• [Available records]:
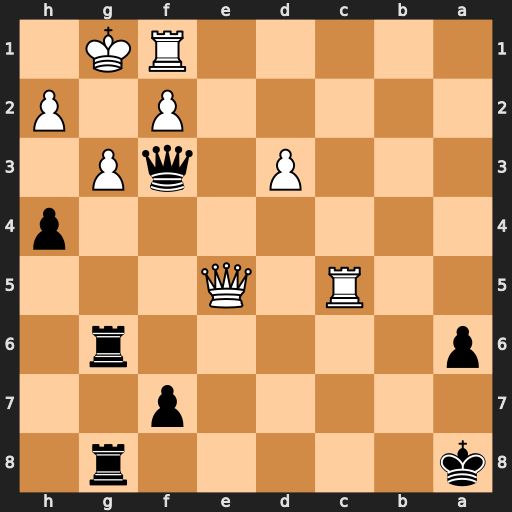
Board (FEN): k5r1/5p2/p5r1/2R1Q3/7p/3P1qP1/5P1P/5RK1
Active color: b
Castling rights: -
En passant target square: -
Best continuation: hxg3 Rc8+ Rxc8
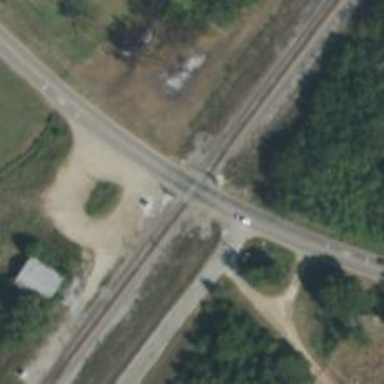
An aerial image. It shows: Level crossing with lights and barriers.
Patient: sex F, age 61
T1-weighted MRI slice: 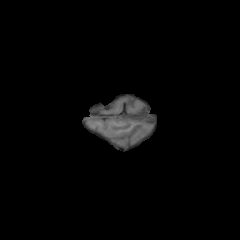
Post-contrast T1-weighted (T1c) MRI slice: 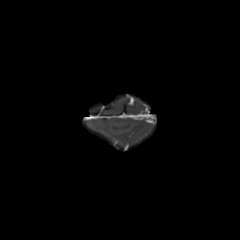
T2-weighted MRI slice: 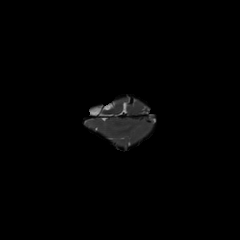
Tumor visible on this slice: no
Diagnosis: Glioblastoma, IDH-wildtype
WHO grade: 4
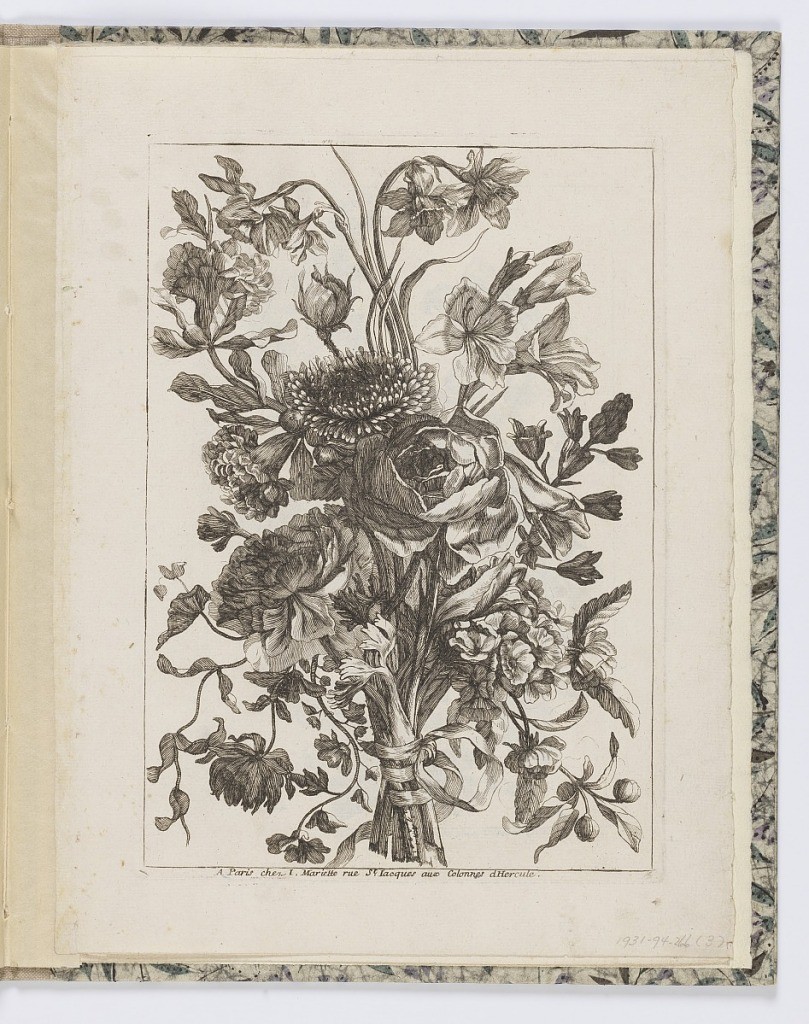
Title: Flowers
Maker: Jean Mariette, French, 1660–1742
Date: ca. 1750
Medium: Engraving on paper
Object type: bound print
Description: Flowers, from bound album

• [Brief]: Please print exactly the lines from the one holding "WHO grade: 4" through the final line of the data above, including both, and skip all pictures.

• [Worked solution]:
WHO grade: 4
Title: Flowers
Maker: Jean Mariette, French, 1660–1742
Date: ca. 1750
Medium: Engraving on paper
Object type: bound print
Description: Flowers, from bound album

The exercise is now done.